It is a clever, cynical and hard-bitten world that science is making, one in which the idealistic and the spiritual are bound to have a diminishing place. Viewed against a background of classical education science has been a disadvantage to our society. If the most important questions of mankind are those concerning spiritual relations with one another and with God, then science is not to be taken seriously. Through dazzling discovery and successful practical application science gives a sense of power that is both demoralizing and dangerous. We are given an enormous driving force that does not permit us to be as bad or as foolish as we could be with impunity down to the middle of the eighteenth century. The impact of science on our morality, individual and national, is evil unless we rise successfully to the test of our character and moral traditions. Science has taught us analysis, but we have had as yet no large-scale and equally successful synthetic constructions that bear on human conduct. The mass mind seizes and acts upon perverted ideas of scientific generalization. Darwin's "survival of the fittest" encourages men to be brutal; Freud's "don't repress," to indulge their passions; Einstein's "relativity," to think that truth doesn't exist and doesn't matter.(8)
Dr. Harlan True Stetson thinks that "Science finds itself in a strange dilemma. It has made life easier and added to man's happiness and at the same time, in the event of war, it clouds the future with unspeakable horrors."(9) He concludes with the suggestion that the American Association for the Advancement of Science may be the proper body to inaugurate a scientific control of science. Frederick Osborn asks how far a "science of man" is "possible" -- a significant question, since all the others will agree that it is essential. He thinks, not too positively, that it may be possible, given certain conditions, but also thinks religion is essential along with it.(10) Dr. Karl T. Compton deals with the role of religion in a scientific world. His views may be summed up in the following:
All the preceding remarks bear on the much-discussed question: "Is there a conflict between science and religion?" I believe it may be helpful to point out that the answer to this question depends upon the claims of the religion. If a religion essays to make pronouncements regarding the materials, laws and forces of nature, whether laws of physics or astronomy in the inanimate world or laws of biology or heredity in the animate world, then the religion will certainly come sooner or later into conflict with advancing knowledge of science, and will certainly be the loser in the conflict.(11)
In other words, religion does not conflict with science so long as it avoids anything rational, and religion must always lose when it does deal with anything rational. Without question, Dr. Compton would call Theosophy a "religion," and its unbroken series of victories over mistaken scientific ideas for the past twenty-five years would not bother him because he has not read about them. He closes with a remark which leaves us -- as is usual with such pronouncements -- thoroughly in the dark as to just what he means by "religion":
Science has therefore had tremendous influence in shifting the emphasis of religion from the physical to the spiritual world and we must not shut our eyes to the possibility of still further powerful influence of this sort.

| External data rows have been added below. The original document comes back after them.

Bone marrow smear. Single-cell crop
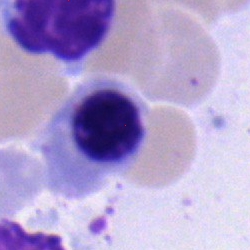 This is a nucleated red blood cell.
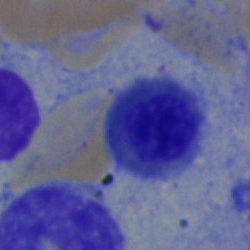

Morphological class — nucleated red cell.
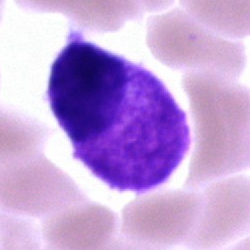 Bone marrow smear showing an unidentifiable cell.
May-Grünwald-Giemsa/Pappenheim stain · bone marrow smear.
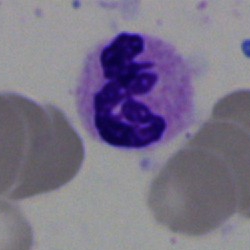
Specimen: bone marrow aspirate smear.
Cell type: segmented neutrophil.
Lineage: myeloid.
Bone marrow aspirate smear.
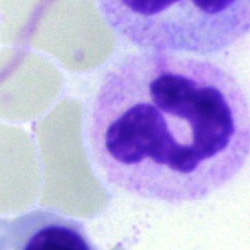

{"cell_type": "polymorphonuclear neutrophil", "lineage": "myeloid"}
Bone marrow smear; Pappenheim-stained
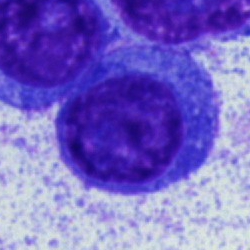Morphological class: plasma cell.
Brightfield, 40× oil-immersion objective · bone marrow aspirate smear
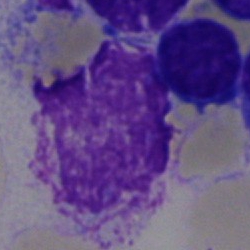
This is an artefact.
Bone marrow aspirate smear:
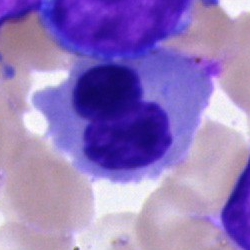 This is a nucleated red cell.
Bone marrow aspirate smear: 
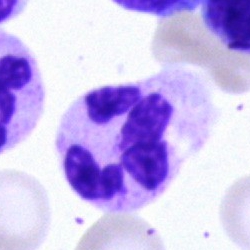

Impression → neutrophil (segmented).
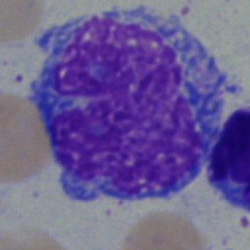An undifferentiated blast on a bone marrow smear.
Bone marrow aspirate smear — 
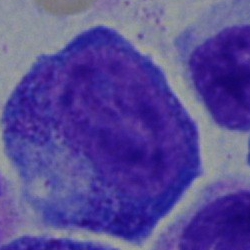
Cell — progranulocyte.
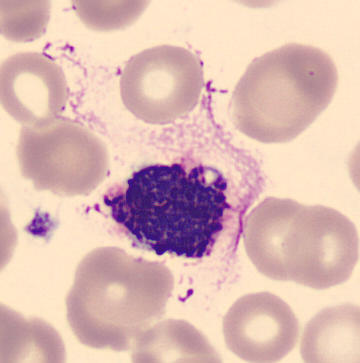 A basophil.
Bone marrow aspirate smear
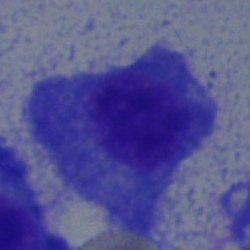
Classification: plasmacyte.
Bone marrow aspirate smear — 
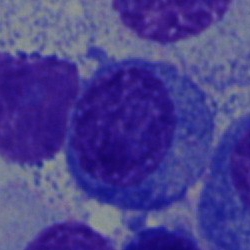The classification is plasma cell.
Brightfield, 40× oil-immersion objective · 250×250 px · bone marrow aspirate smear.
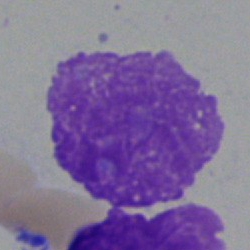

Showing an artifact.
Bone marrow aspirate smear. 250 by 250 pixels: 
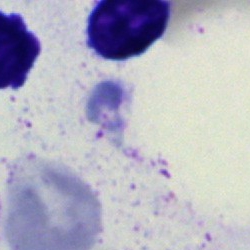
Morphological class: artifact.
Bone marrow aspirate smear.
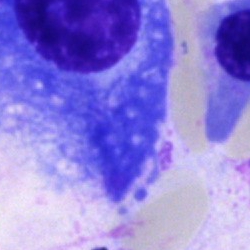This is a plasma cell.
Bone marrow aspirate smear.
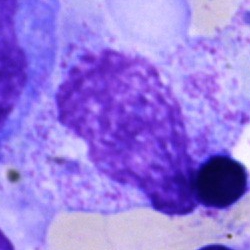 Cell — artefact.
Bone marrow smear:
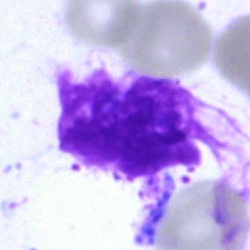
Morphology consistent with an artefact.
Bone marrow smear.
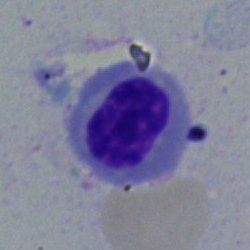

Morphological class = normoblast.
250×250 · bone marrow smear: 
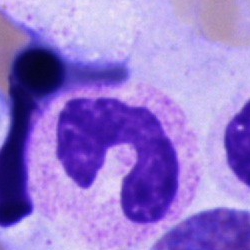This is a neutrophil (band).
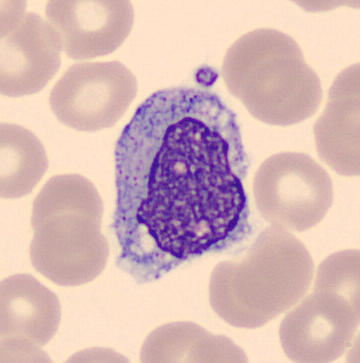

{"cell_type": "monocyte", "lineage": "myeloid"}
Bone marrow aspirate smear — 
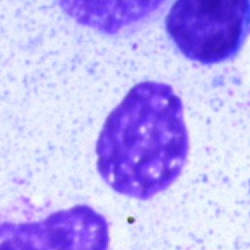

This is an artefact.
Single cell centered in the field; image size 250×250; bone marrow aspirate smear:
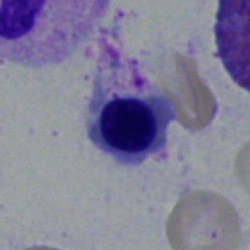
Impression → erythroblast.
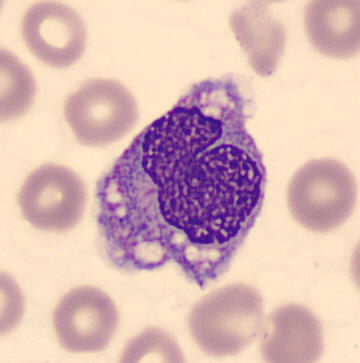
Preparation: Peripheral blood film. Identified as a monocyte.
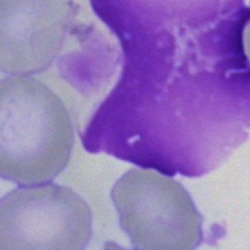

Q: What is shown here?
A: This is an artefact.
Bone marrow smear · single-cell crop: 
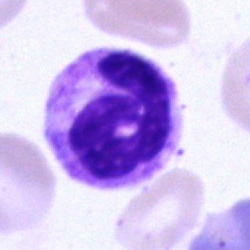Cell — segmented neutrophil.
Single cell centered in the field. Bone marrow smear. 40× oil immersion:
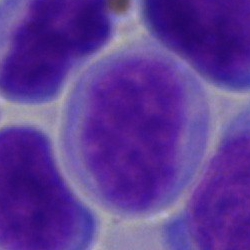
Morphological class — undifferentiated blast.
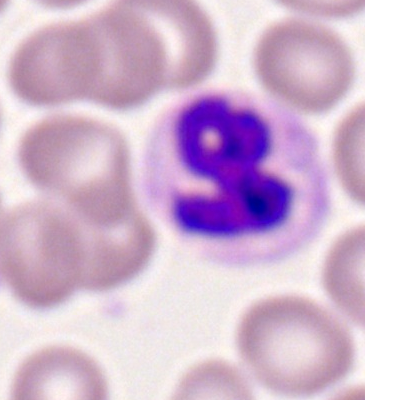 This is a neutrophil (segmented).
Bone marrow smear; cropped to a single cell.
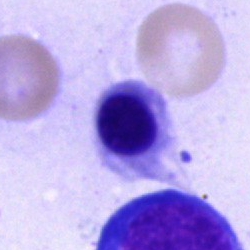

Cell type = nucleated red cell.
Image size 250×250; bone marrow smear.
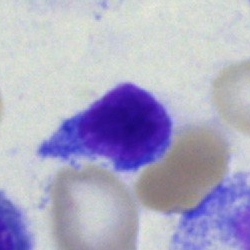
Q: What type of cell is this?
A: It is a typical lymphocyte.
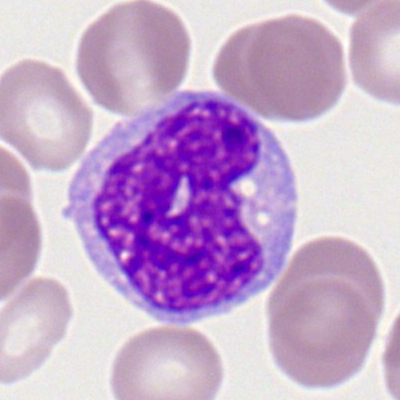
Cell type — monocyte.
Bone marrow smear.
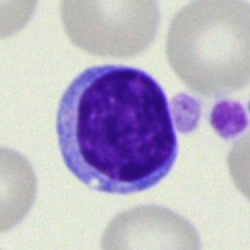Morphology — typical lymphocyte.
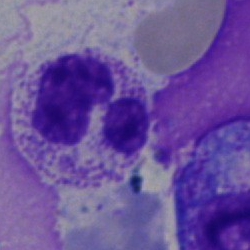

Morphology consistent with a neutrophil (segmented).
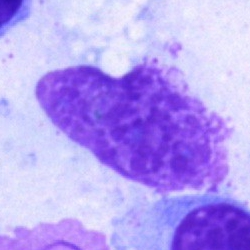 Artifact.
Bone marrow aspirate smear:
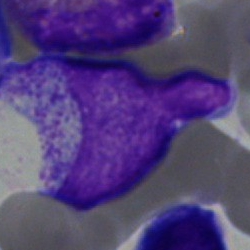Q: What type of cell is this?
A: This is a myelocyte.
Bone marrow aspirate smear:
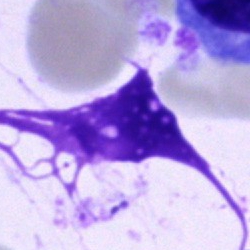Impression — artefact.
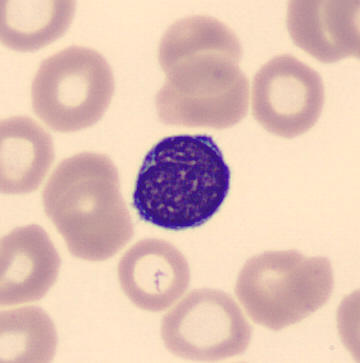Impression — typical lymphocyte.

Peripheral blood smear.
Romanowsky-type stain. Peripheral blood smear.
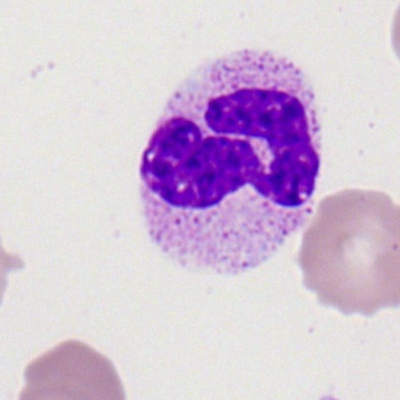{"cell_type": "segmented neutrophil", "lineage": "myeloid"}
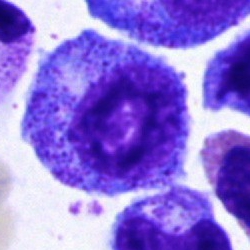Specimen: bone marrow smear.
Morphological class: progranulocyte.
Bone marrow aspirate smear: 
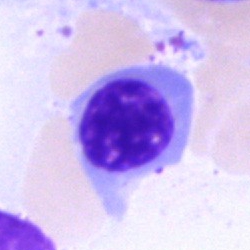

Specimen: bone marrow smear.
Cell type: erythroblast.
Lineage: erythroid.
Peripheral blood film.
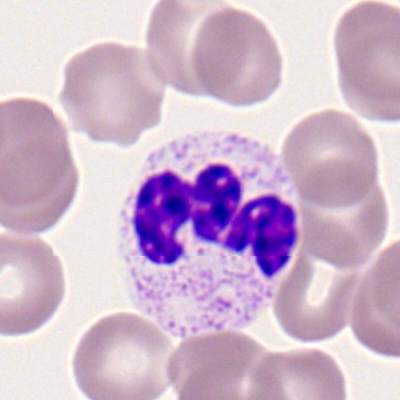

Science has thus contributed to the making of religion into a developing, dynamic spiritual force. I believe that the principal influence of science upon religion has been along the following lines. First, to break down "authority" and substitute reason based upon facts of observation. Second, to eliminate superstition and chicanery from religion. Third, to doom any religion of the static type and emphasize the necessity of a continual development of religious thought to keep pace with and interpret the increasing knowledge regarding all matters which pertain to man's activities and environment.

This is sheer gibbering, with all respects to a man who knows well enough how to express himself intelligently in his own field. How can the complete emasculation of religion, to the point where it has lost all practical influence on human conduct, be "making it into a developing dynamic, spiritual force"? If it is the legitimate role of religion to "keep pace with and interpret the increasing knowledge regarding all matters which pertain to man's activities and environment," and if religion must always come into conflict with and lose to science whenever it "essays to make pronouncements regarding the materials, laws, and forces of nature ... biology or heredity in the animate world," then we had better forget religion altogether, for such religion could be nothing but a servile reflector of scientific speculation.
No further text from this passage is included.